One final point about Kazez. In an interview she notes that she does not quite understand why there is a degree of frustration expressed by vegans as to why she is vegetarian, as she is an advocate for animal rights and believes that veganism adheres to our obligations to animals to a greater extent than vegetarianism (though albeit she believes these are supererogatory obligations). She is after all doing a lot more to support animal rights than your average meat eater, so why the frustration. The problem is that she is not just some individual vegetarian, she is a leader in animal rights philosophy, and she is a published author whom others, like it or not, will follow. If even she cannot adhere to a vegan diet because she cannot bear the inconvenience or lack of easy food options, then why should any of the people so inspired by her work to respect animal go vegan either? She therefore has a responsibility to go vegan, and she has a responsibility to recognise where she uses weak arguments to justify her own behaviour. It is this clash of expectation and responsibility that causes many vegans to become frustrated.
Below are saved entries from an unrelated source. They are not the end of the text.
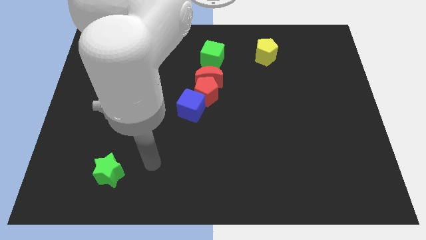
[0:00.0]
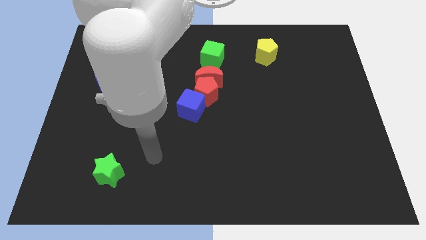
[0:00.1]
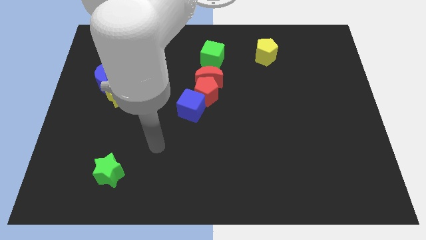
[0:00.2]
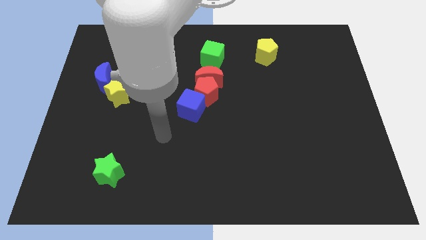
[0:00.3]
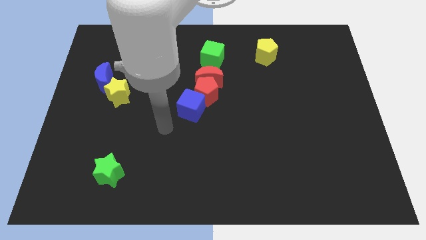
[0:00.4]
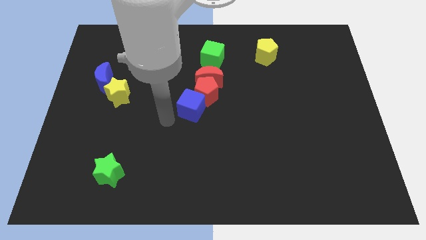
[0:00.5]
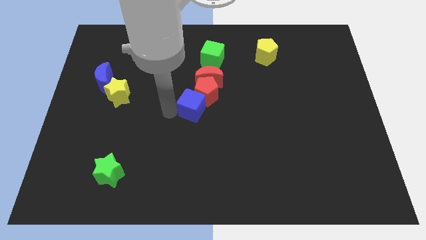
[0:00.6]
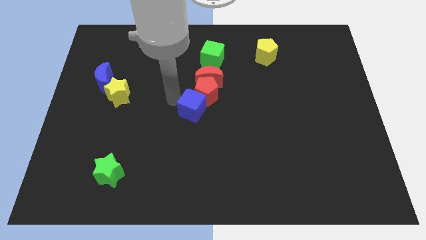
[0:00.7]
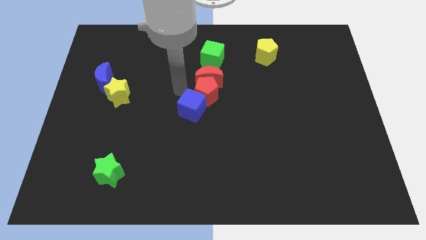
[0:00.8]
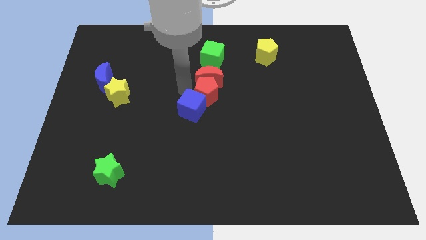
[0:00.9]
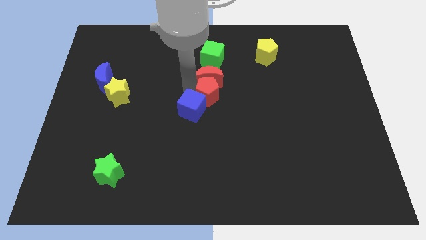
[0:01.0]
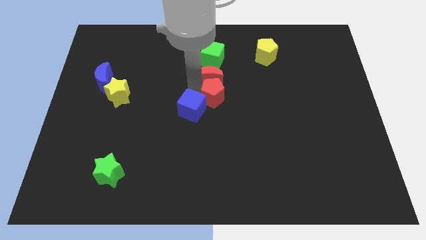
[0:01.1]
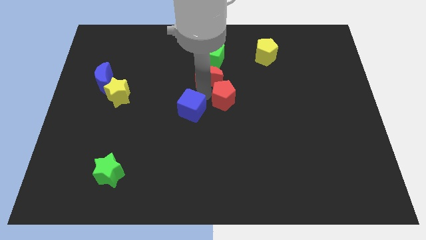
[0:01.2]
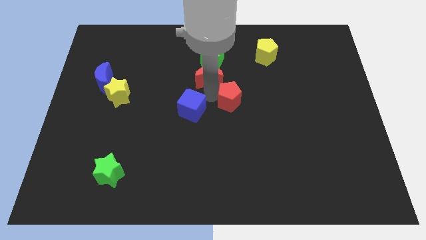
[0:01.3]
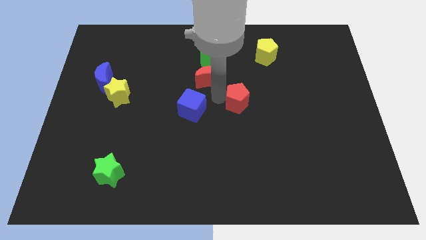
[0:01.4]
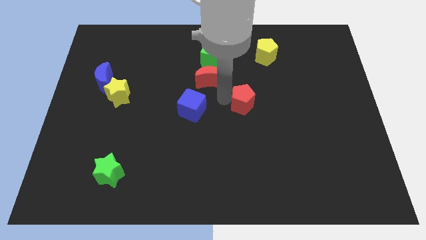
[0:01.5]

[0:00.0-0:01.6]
move the red pentagon away from the red moon and blue cube

In conclusion I think we can take both the deontology of the abolitionists and the concern for welfare from the utilitarians like vegan strategist, and reconcile these views to support animal rights in a way that is both effective and just. We can take the parts of Kazez’s philosophy that is useful and disregard what is not. It is through this approach that I think the animal rights movement can get past the abolitionist/welfarist split, supporting welfare reform through animal rights.